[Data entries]

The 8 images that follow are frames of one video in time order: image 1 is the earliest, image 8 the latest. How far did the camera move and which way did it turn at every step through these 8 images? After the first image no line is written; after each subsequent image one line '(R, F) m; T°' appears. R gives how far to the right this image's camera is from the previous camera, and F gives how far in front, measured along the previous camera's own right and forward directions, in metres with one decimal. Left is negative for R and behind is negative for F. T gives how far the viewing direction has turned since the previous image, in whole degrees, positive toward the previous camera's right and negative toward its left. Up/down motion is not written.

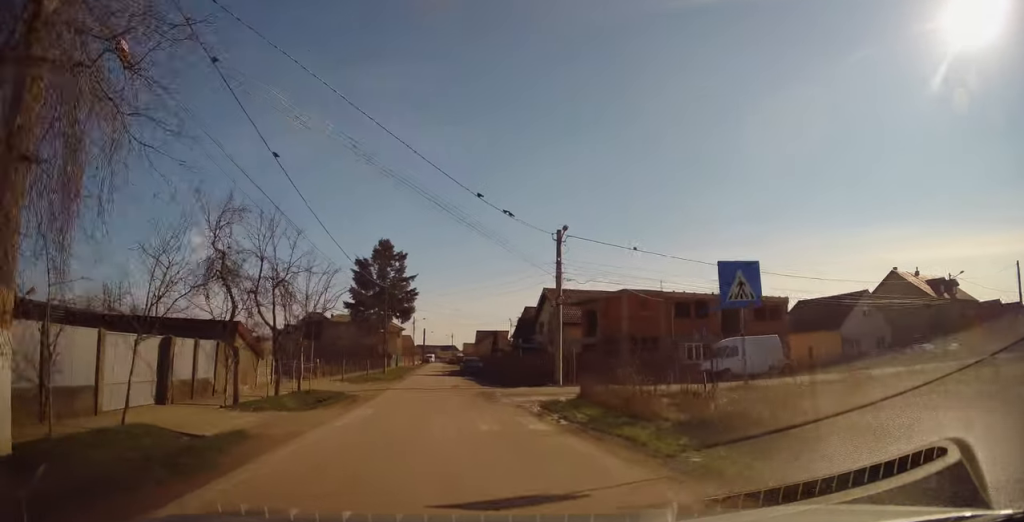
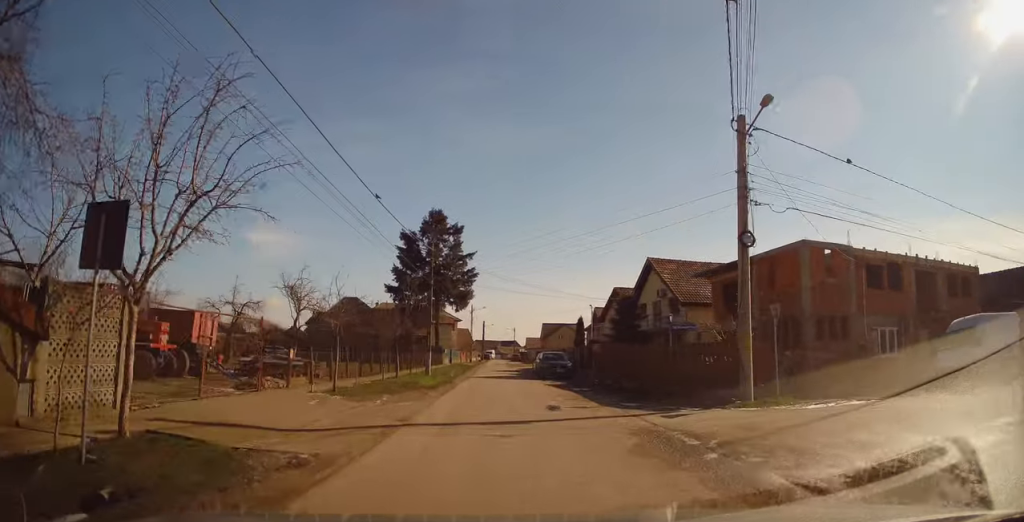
(-1.6, +13.1) m; -5°
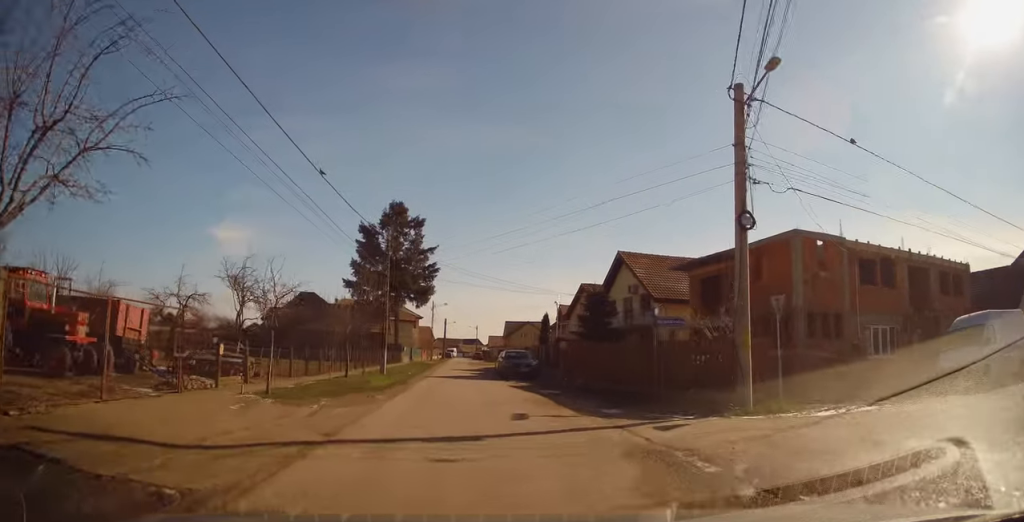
(0.0, +2.1) m; +3°
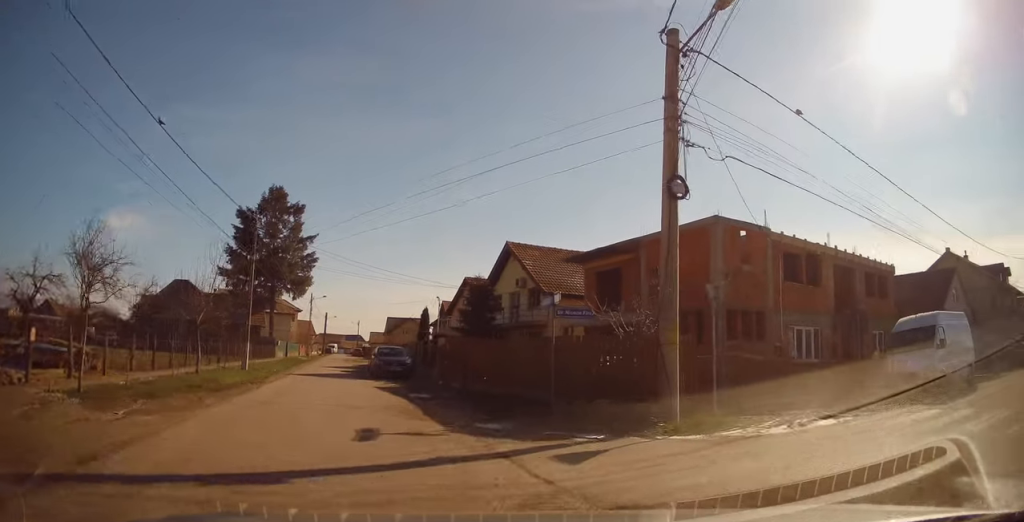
(0.0, +3.2) m; +9°
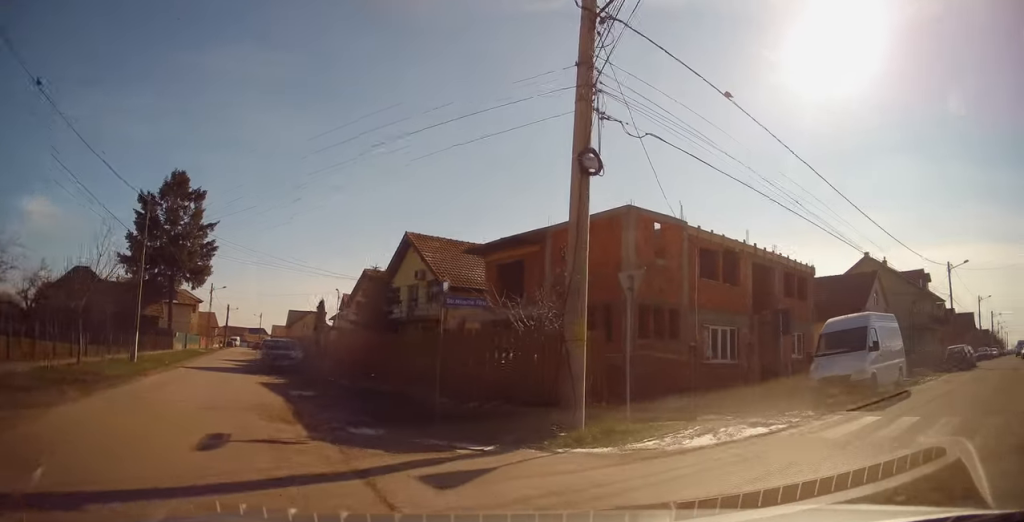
(+0.3, +1.5) m; +11°
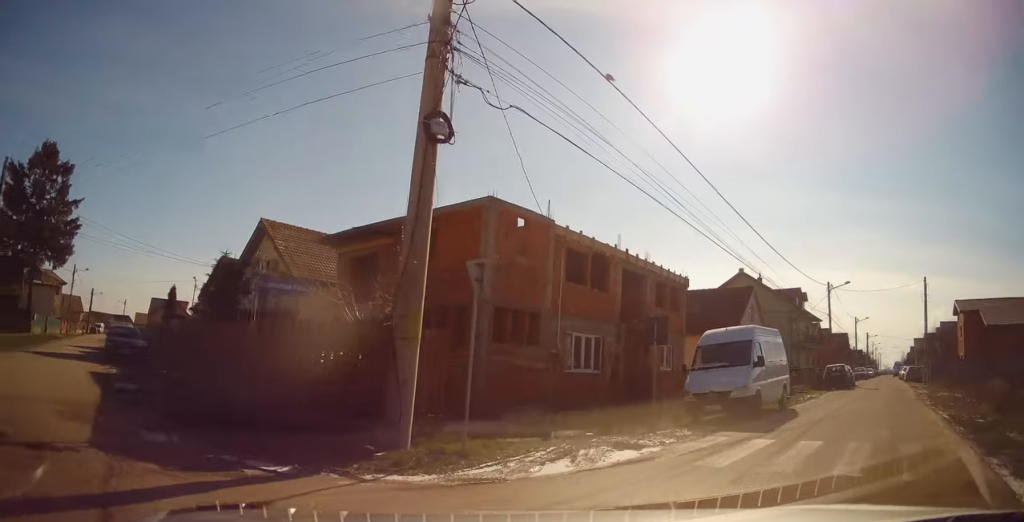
(0.0, +1.7) m; +13°
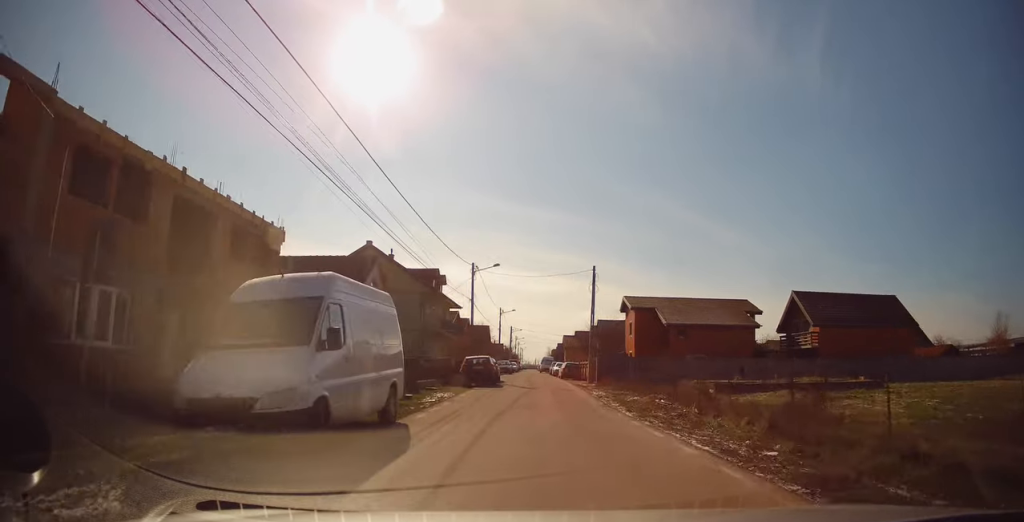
(+3.5, +6.4) m; +40°
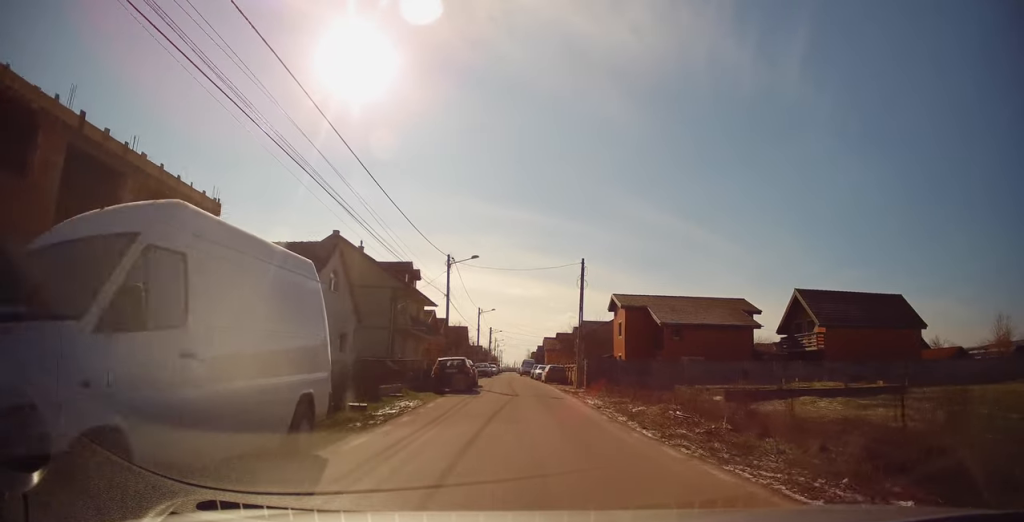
(+0.2, +3.3) m; +4°

-- Exercise goal --
Could you output the lines above exactly, with no pictures included?

-- Answer area --
The 8 images that follow are frames of one video in time order: image 1 is the earliest, image 8 the latest. How far did the camera move and which way did it turn at every step through these 8 images? After the first image no line is written; after each subsequent image one line '(R, F) m; T°' appears. R gives how far to the right this image's camera is from the previous camera, and F gives how far in front, measured along the previous camera's own right and forward directions, in metres with one decimal. Left is negative for R and behind is negative for F. T gives how far the viewing direction has turned since the previous image, in whole degrees, positive toward the previous camera's right and negative toward its left. Up/down motion is not written.

(-1.6, +13.1) m; -5°
(0.0, +2.1) m; +3°
(0.0, +3.2) m; +9°
(+0.3, +1.5) m; +11°
(0.0, +1.7) m; +13°
(+3.5, +6.4) m; +40°
(+0.2, +3.3) m; +4°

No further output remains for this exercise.